Have we waited long enough to send any aliens out there another message?

We haven't given them a call in 50 years.

By Elizabeth Rayne
Henry Thomas on the set of "E.T.".

If extraterrestrials exist, we have no idea whether they are trying to send a message to other extraterrestrials (to them that would be us). Earth tried calling once. No one phoned home. Maybe we should call again — and say something else.

In 1974, the Arecibo Radio Telescope in Puerto Rico beamed a message to the stars that was meant for any other intelligent civilizations that exist. It wasn’t so easy to dial up aliens as a certain iconic creature from another planet thought it would be when he tried to use the phone in E.T.: The Extra-Terrestrial. To reach the star cluster M13, which is 21,000 light years away, Arecibo’s huge antenna needs to beam its megawatt transmitter’s energy into the sky. Turned out that might have not been the ideal place to send it, or the best message to send.

Astrophysicist Jonathan Jiang thinks we’ve waited long enough since Arecibo, so he led a team in creating a message to beam over to anyone who might be out there. He wanted to create something that was potentially easier to understand for an alien civilization than the pictorial Arecibo message. This is why his message was written in binary code, which is more of a universal language than symbols which may leave other intelligent beings confused.

“Any type of intelligent civilization should understand this because binaries are yes and no,” Jiang told SYFY WIRE. “Our intelligence, even our consciousness, is based on so many yeses and nos, which form our communications, so we used binary code to introduce ourselves.”

What should these hypothetical beings know about us? In the message, a series of 0s and 1s are used to explain what humans are and how we think. This includes our size, our mass, our biology, our mathematics, and our physics. There was still one problem left. Wherever there might be life with brains, their concept of time might be totally different depending on how long it takes for the body they live on to orbit their star, so our understanding of time will mean nothing to them. Jiang found a solution for that which goes all the way back to the Big Bang.

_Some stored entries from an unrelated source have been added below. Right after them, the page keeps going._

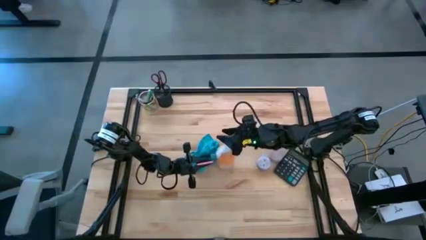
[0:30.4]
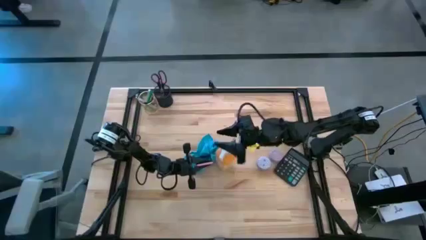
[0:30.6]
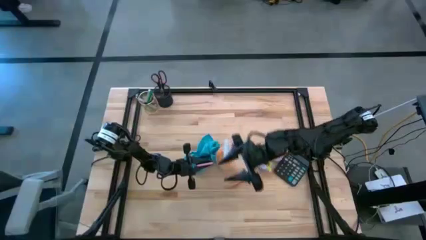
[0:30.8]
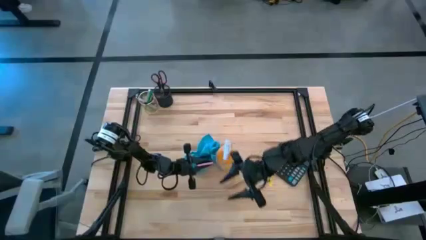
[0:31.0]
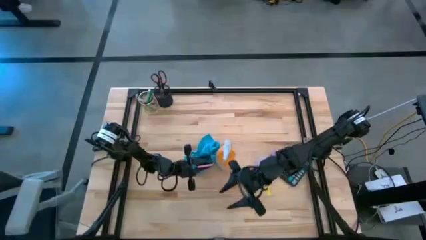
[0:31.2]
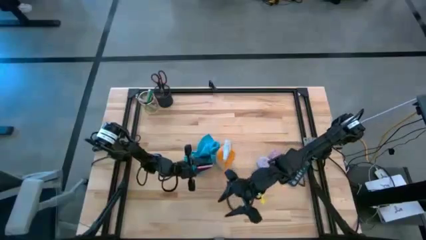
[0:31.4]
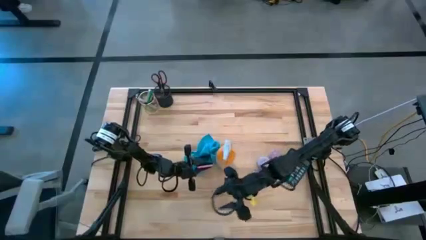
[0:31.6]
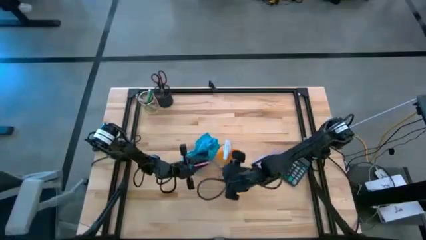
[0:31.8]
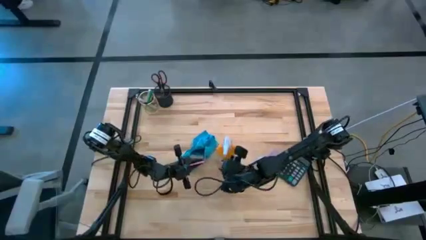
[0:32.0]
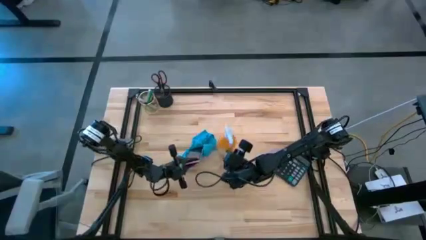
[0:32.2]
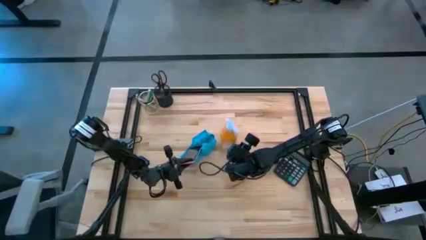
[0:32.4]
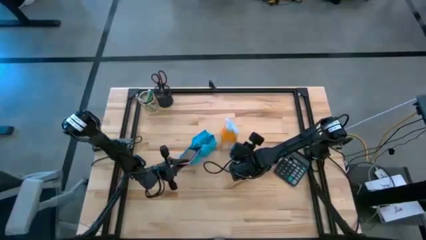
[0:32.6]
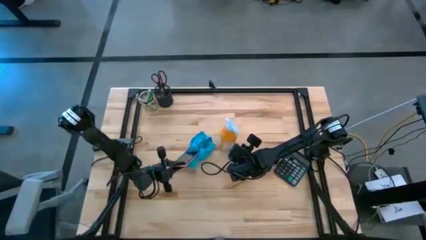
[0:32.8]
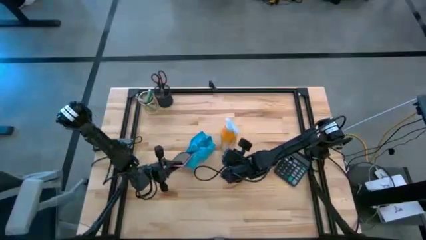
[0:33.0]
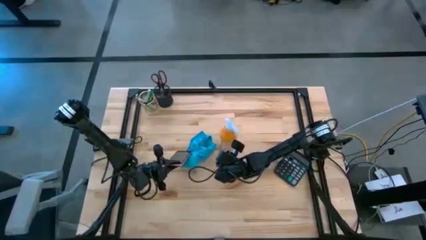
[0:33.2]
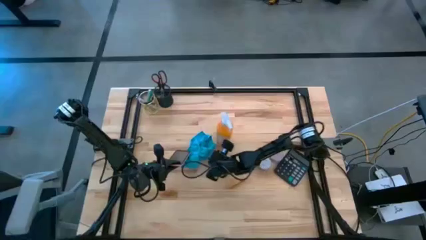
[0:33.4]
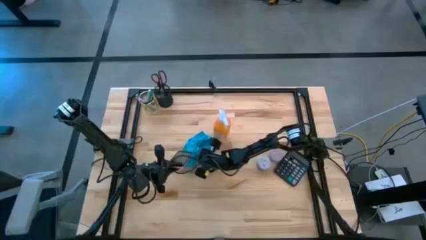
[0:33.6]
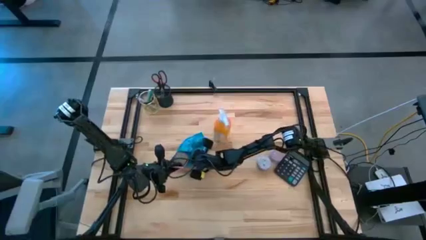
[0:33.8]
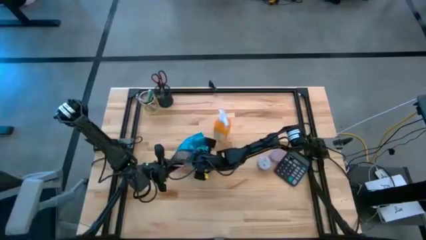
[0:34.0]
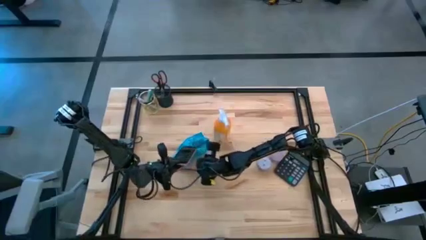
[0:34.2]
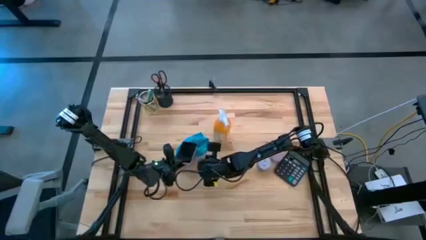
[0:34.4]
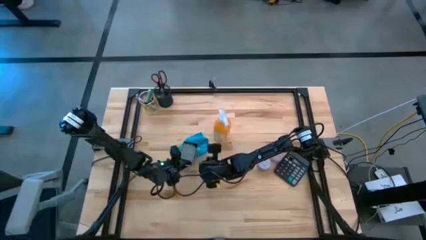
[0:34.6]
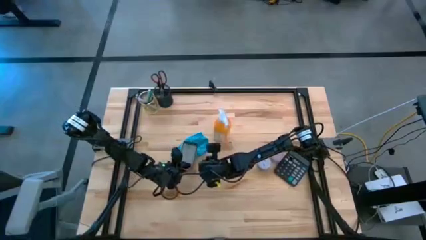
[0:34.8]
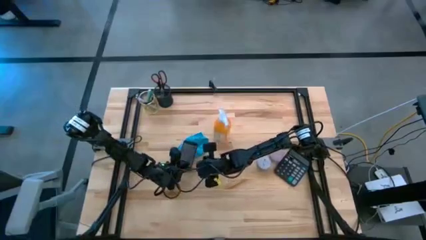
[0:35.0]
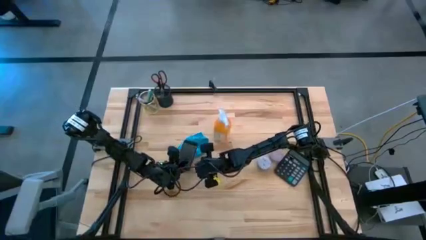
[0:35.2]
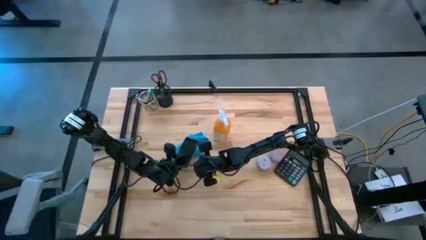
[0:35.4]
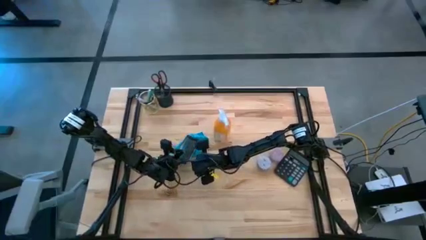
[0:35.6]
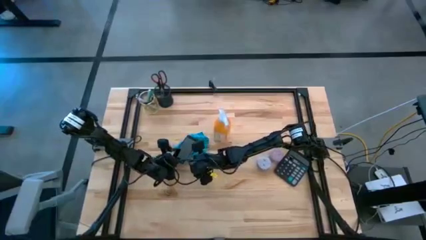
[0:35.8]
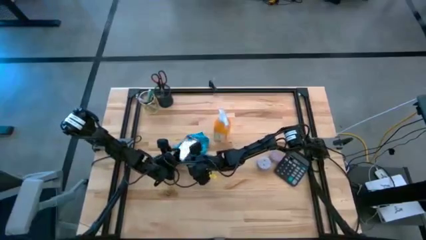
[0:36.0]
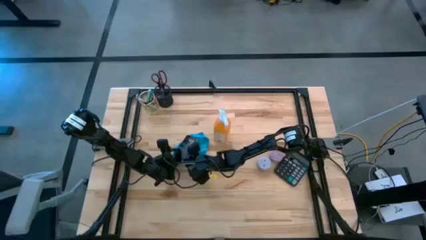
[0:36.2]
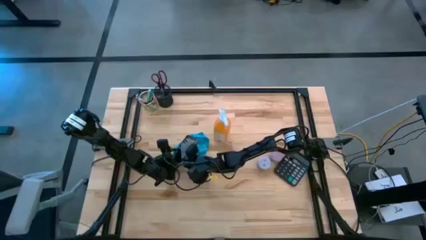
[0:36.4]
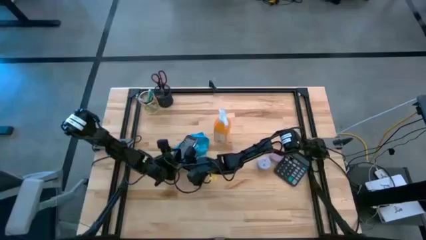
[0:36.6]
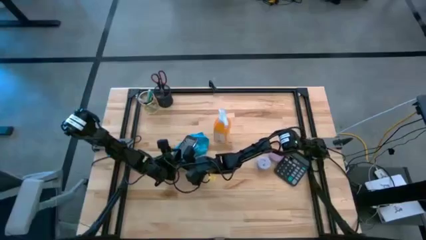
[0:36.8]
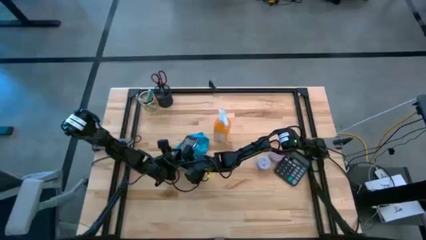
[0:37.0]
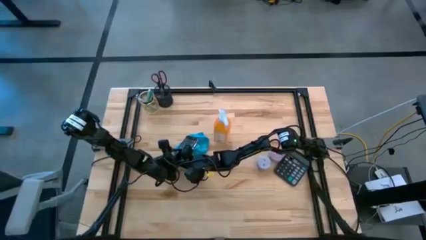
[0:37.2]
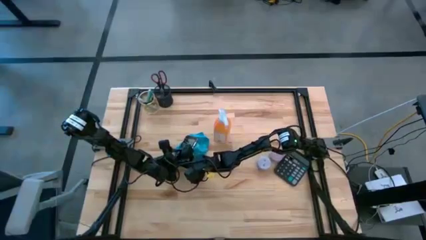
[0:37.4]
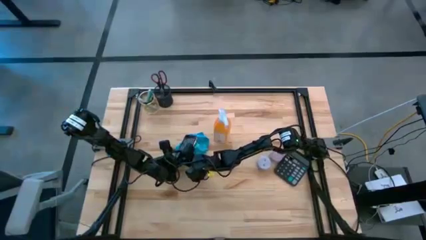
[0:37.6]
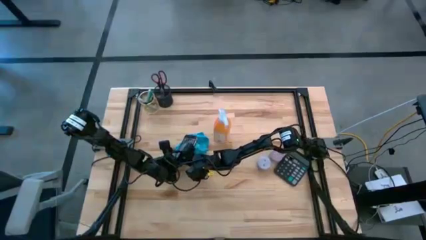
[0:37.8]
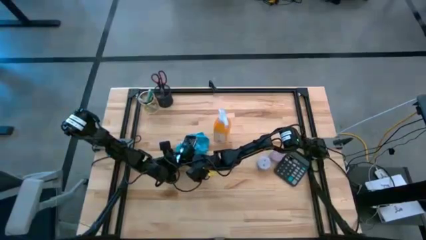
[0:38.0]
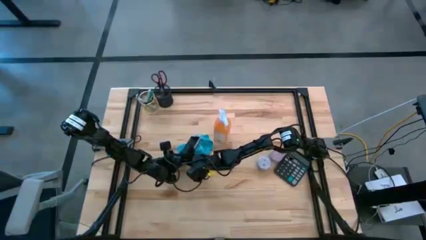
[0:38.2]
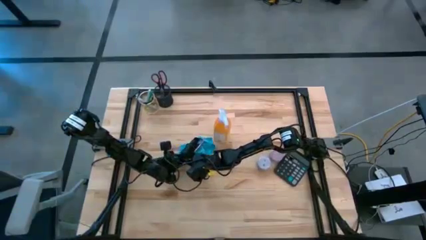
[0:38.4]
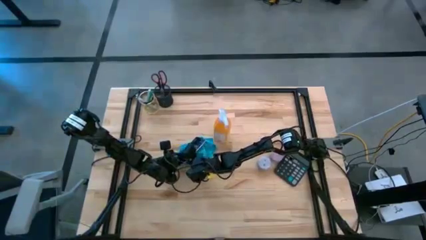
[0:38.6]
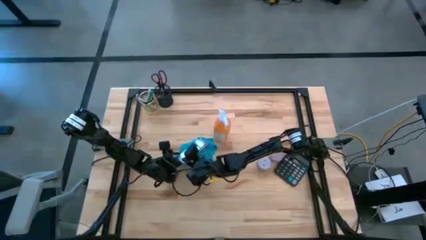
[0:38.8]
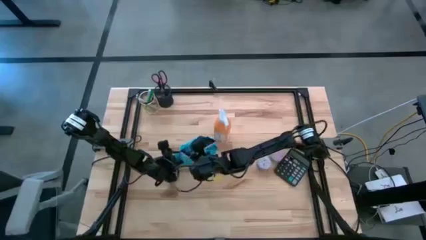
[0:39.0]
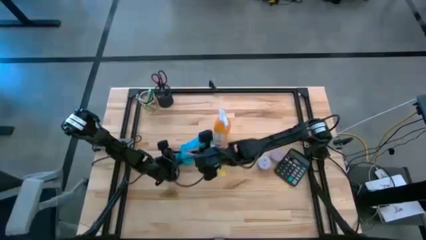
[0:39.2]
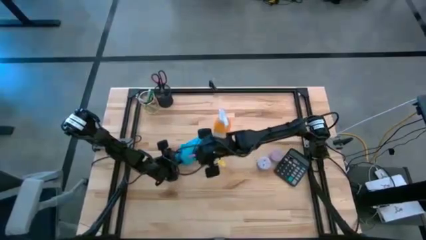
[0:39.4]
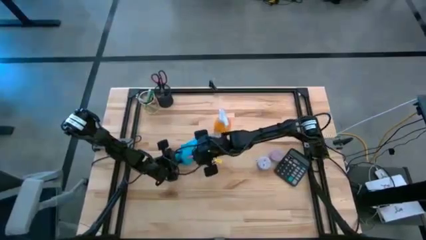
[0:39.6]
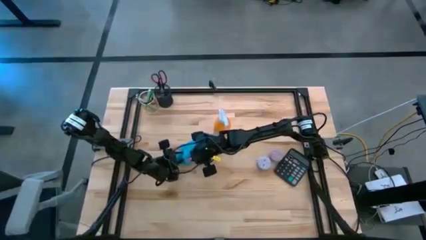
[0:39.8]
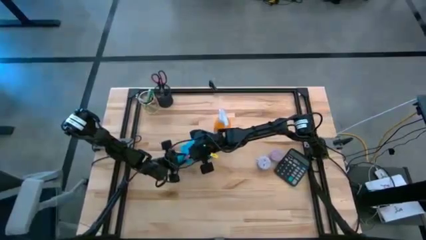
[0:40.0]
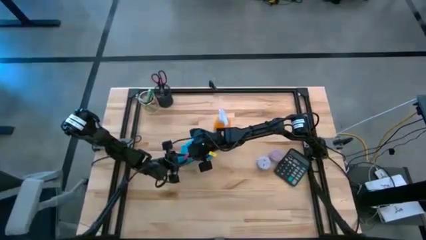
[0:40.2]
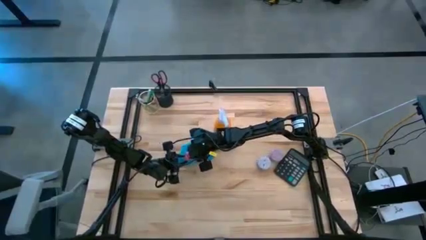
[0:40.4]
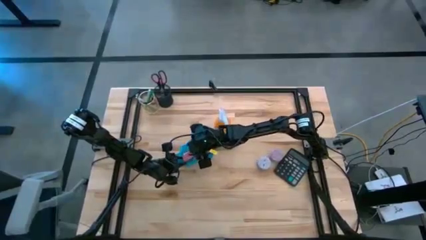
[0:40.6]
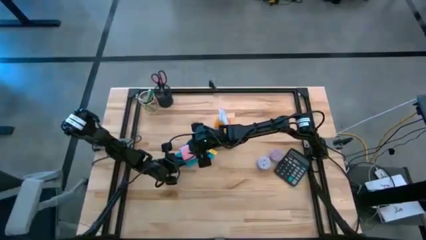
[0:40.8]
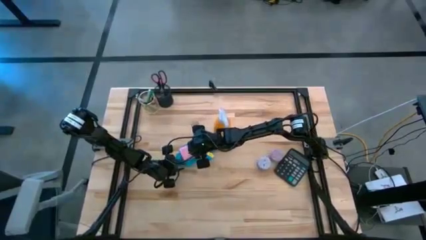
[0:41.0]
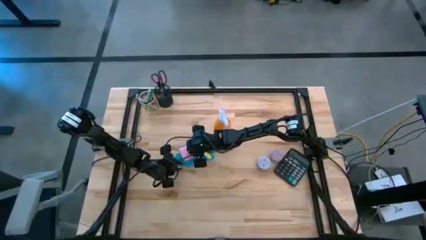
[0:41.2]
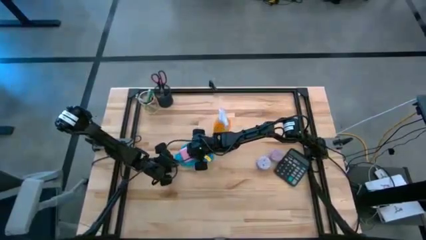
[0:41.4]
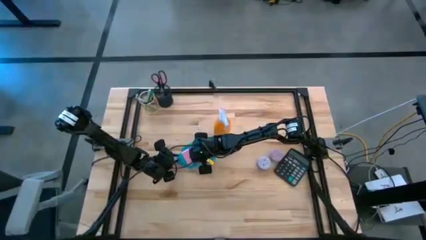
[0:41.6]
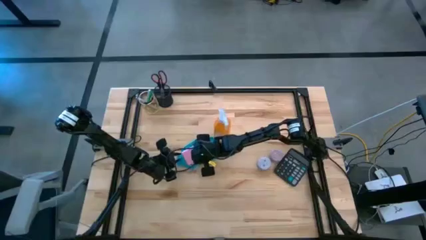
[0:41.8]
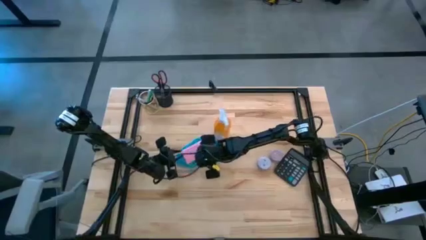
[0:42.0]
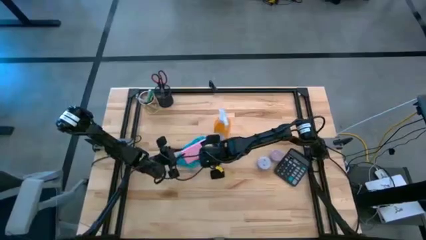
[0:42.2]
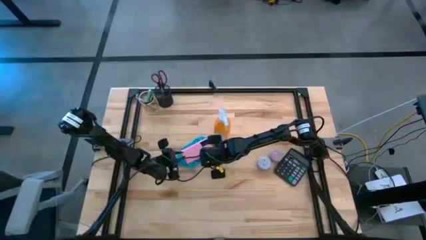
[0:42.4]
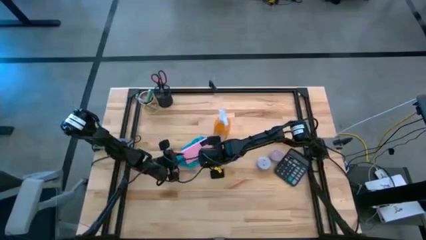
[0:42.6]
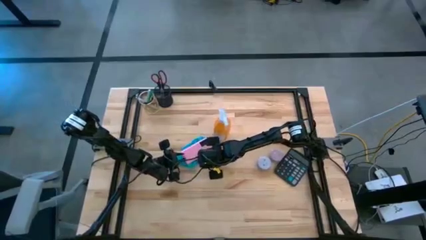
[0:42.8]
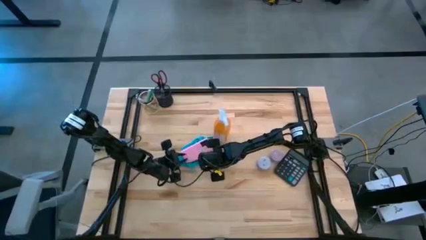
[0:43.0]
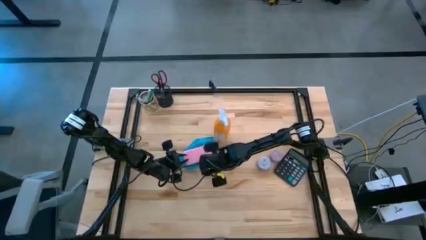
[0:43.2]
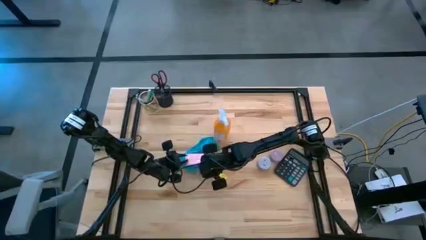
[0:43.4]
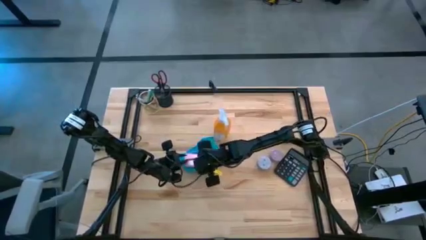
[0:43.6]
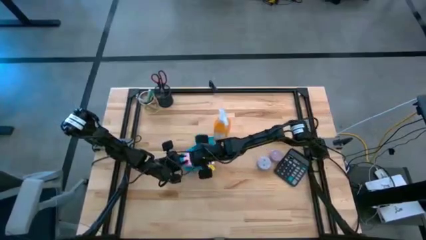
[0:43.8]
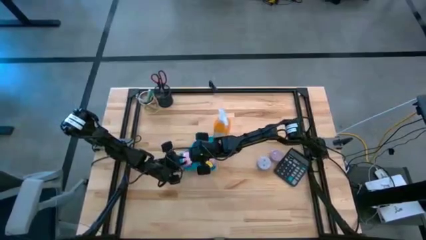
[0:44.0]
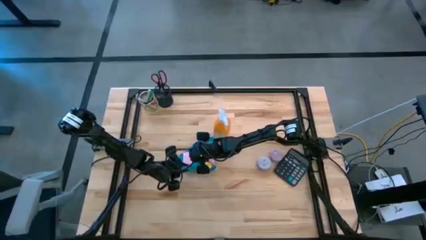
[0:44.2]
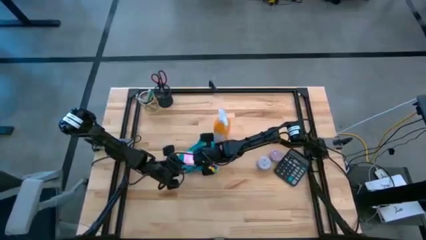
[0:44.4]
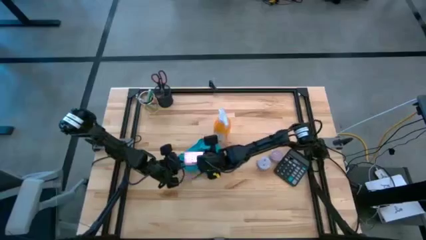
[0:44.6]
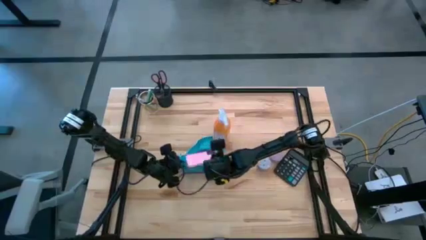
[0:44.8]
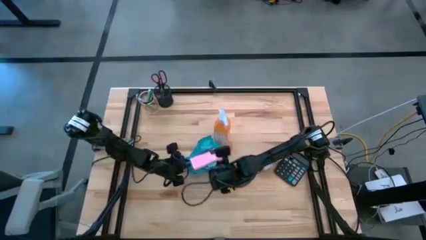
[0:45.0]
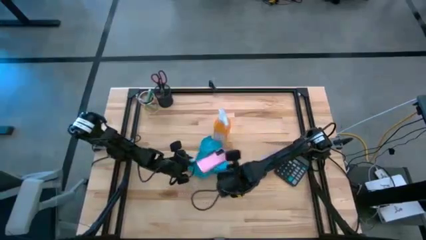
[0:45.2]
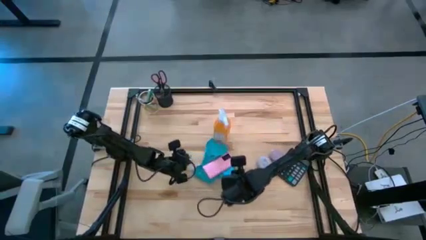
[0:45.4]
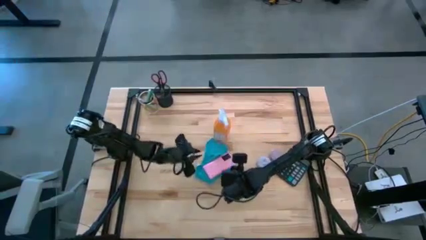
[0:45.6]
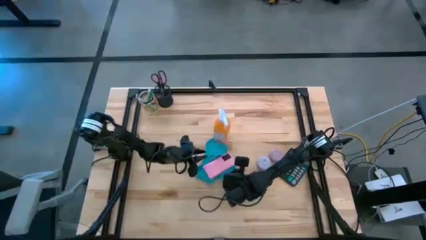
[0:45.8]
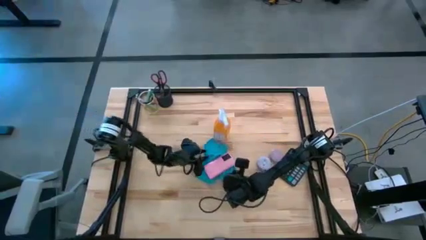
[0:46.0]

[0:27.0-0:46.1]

Aliens will be able to tell when the message was sent because of a timestamp created from hydrogen. Neutral hydrogen gas was around at the dawn of the universe. Its atoms become high-energy when they crash into electrons or other atoms, which aligns the spin of its electron and proton, but will end up flipping its spin back to its previous state of lower energy after about 10 million years. This is known as the spin-flip transition. With this timestamp, it is possible to understand how long after the Big Bang humans transmitted the message.

“Our timestamp is based on fundamental physics, and the same laws of physics apply anywhere in the galaxy,” said Jiang. “We believe intelligent life should have the same laws of physics that we do and be able to understand astrophysics and quantum mechanics.”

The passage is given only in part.